I use Avisynth a lot, mainly because it can do field-based splitting operations that VirtualDub can't do... yet. At the same time, I would like to eventually run some of the Avisynth filters directly in VirtualDub.

The big problem here is that Avisynth filters fetch source frames synchronously from their upstream by calling the upstream filter's GetFrame() function; spoofing the IClip interface is simple enough, but I can't allow the filter to block and wait for the upstream frame because that would force the entire upstream to run single-threaded. The solution is to use fibers to turn the Avisynth filter's GetFrame() function into a coroutine — when the Avisynth filter attempts to block, the adapter calls SwitchToFiber() to suspend the filter, issues a prefetch the source frame, and returns back to the video filter system with a special code that tells it to requeue the request. This does require that the video frame requests be serialized — ordinarily source video frames can arrive out of requested order due to caching, thus causing Run() to be called out of order relative to the original requests, but that can't be done here as it would require a reentrant filter and a fiber per running request.

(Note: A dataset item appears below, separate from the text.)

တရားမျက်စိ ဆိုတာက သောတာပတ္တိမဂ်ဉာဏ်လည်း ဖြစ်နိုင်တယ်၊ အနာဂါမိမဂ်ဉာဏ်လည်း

How to abort a frame that is in-progress? Switch to the Avisynth filter's fiber, throw an AVSError exception through the filter's GetFrame() into a try/catch immediately outside, and switch back.

There are some problems with frame management here. Avisynth filters directly refcount VideoFrame objects through InterlockedIncrement() and InterlockedDecrement(), and more importantly, will attempt to delete them directly if the reference count reaches zero. That obviously can't happen given that VirtualDub would be emulating the real Avisynth structures and uses a private heap (statically linked CRT). The solution is to never let the VideoFrame reference count drop to zero; instead, VirtualDub would always hold an emulated reference and use garbage collection to detect when the VideoFrame should be deleted, then dropping a reference on the real frame. This also avoids other differences between VirtualDub's refcounting and Avisynth's refcounting, namely that some of VirtualDub's frames use split refcounting to support both strong and weak references for caching purposes.

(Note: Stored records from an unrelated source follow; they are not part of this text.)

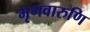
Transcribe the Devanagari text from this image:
भृगवारुणि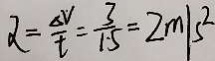
\alpha = \frac { \Delta V } { t } = \frac { 3 } { 1 . 5 } = 2 m / s ^ { 2 }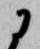
に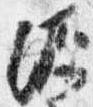
源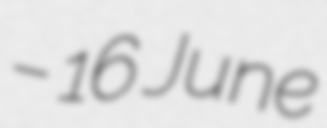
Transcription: – 16 June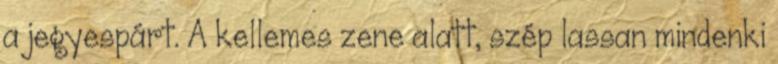
a jegyespárt. A kellemes zene alatt, szép lassan mindenki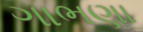
ગાભણા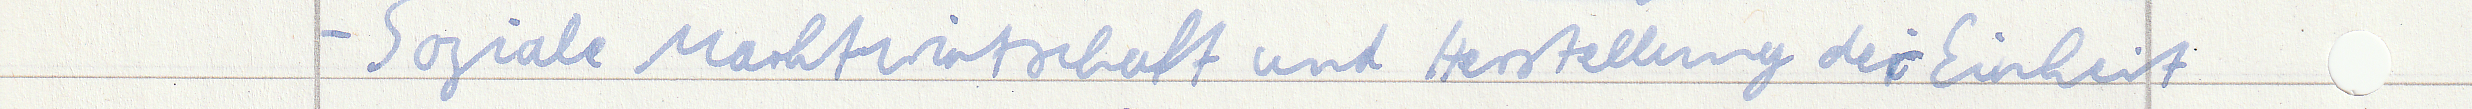
- Soziale Marktwirtschaft und Herstellung der Einheit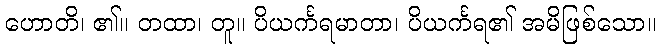
ဟောတိ၊ ၏။ တထာ၊ တူ။ ပိယင်္ကရမာတာ၊ ပိယင်္ကရ၏ အမိဖြစ်သော။

Some features of Avisynth filters won't be possible to emulate. Audio filters can't be supported because that's an entirely different system; source filters are likely also problematic. And any filter that attempts to create and manipulate upstream filters, particularly meta-filters like Animate(), definitely won't work. Also, VirtualDub doesn't support interlaced YV12, nor does it require that scanlines be aligned to 16 byte boundaries. Finally, Avisynth video frames only specify a Y pitch and a shared Cb/Cr pitch for memory layout (two pitches), whereas VirtualDub simply has three independent planes (three pitches). I might be convinced to go two-pitch myself, though, as I haven't encountered a circumstance yet where different Cb/Cr pitches are necessary.

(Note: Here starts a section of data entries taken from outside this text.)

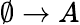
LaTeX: \emptyset\to A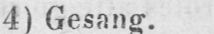
4) Gesang.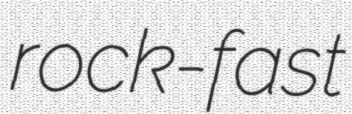
rock-fast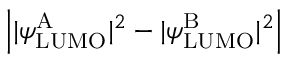
\left| | \psi _ { \mathrm { L U M O } } ^ { \mathrm { A } } | ^ { 2 } - | \psi _ { \mathrm { L U M O } } ^ { \mathrm { B } } | ^ { 2 } \right|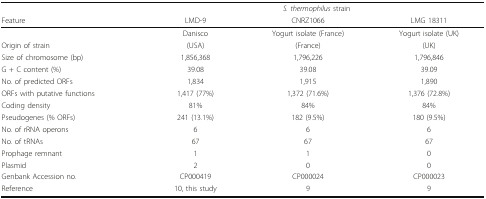
<table><thead><tr><td></td><td colspan="3"><b><i>S. thermophilus</i> strain</b></td></tr><tr><td><b>Feature</b></td><td><b>LMD-9</b></td><td><b>CNRZ1066</b></td><td><b>LMG 18311</b></td></tr></thead><tbody><tr><td></td><td>Danisco</td><td>Yogurt isolate (France)</td><td>Yogurt isolate (UK)</td></tr><tr><td>Origin of strain</td><td>(USA)</td><td>(France)</td><td>(UK)</td></tr><tr><td>Size of chromosome (bp)</td><td>1,856,368</td><td>1,796,226</td><td>1,796,846</td></tr><tr><td>G + C content (%)</td><td>39.08</td><td>39.08</td><td>39.09</td></tr><tr><td>No. of predicted ORFs</td><td>1,834</td><td>1,915</td><td>1,890</td></tr><tr><td>ORFs with putative functions</td><td>1,417 (77%)</td><td>1,372 (71.6%)</td><td>1,376 (72.8%)</td></tr><tr><td>Coding density</td><td>81%</td><td>84%</td><td>84%</td></tr><tr><td>Pseudogenes (% ORFs)</td><td>241 (13.1%)</td><td>182 (9.5%)</td><td>180 (9.5%)</td></tr><tr><td>No. of rRNA operons</td><td>6</td><td>6</td><td>6</td></tr><tr><td>No. of tRNAs</td><td>67</td><td>67</td><td>67</td></tr><tr><td>Prophage remnant</td><td>1</td><td>1</td><td>0</td></tr><tr><td>Plasmid</td><td>2</td><td>0</td><td>0</td></tr><tr><td>Genbank Accession no.</td><td>CP000419</td><td>CP000024</td><td>CP000023</td></tr><tr><td>Reference</td><td>10, this study</td><td>9</td><td>9</td></tr></tbody></table>

(I've also heard rumors of a YV24 format being proposed for straight 4:4:4 planar YCbCr in Avisynth 2.6. It just so happens I already have an internal format called nsVDPixmap::kPixFormat_YUV444_Planar, even in the already-released 1.6.10....)

I did manage to get an Avisynth-to-VF2 filter wrapper working as a proof-of-concept exercise using Donald Graft's Logo filter for Avisynth, but only hackily and with hardcoded clip parameters. It's being pushed to the back-burner for now until I get my own stuff working.

Current status

I'm currently ironing out the kinks on the integration between VF2 and the rendering engine. The ability to change the length and rate of the video stream in the filter graph has messed up a lot of other code that expects the input and output streams to be related; the biggest issue is that now the input and output timelines have to be separated, with some way to switch between them. This will mess up the UI a bit. On the other hand, it makes a lot more interesting video manipulations possible too, like ease-in/out.


This blog was originally open for comments when this entry was first posted, but was later closed and then removed due to spam and after a migration away from the original blog software. Unfortunately, it would have been a lot of work to reformat the comments to republish them. The author thanks everyone who posted comments and added to the discussion.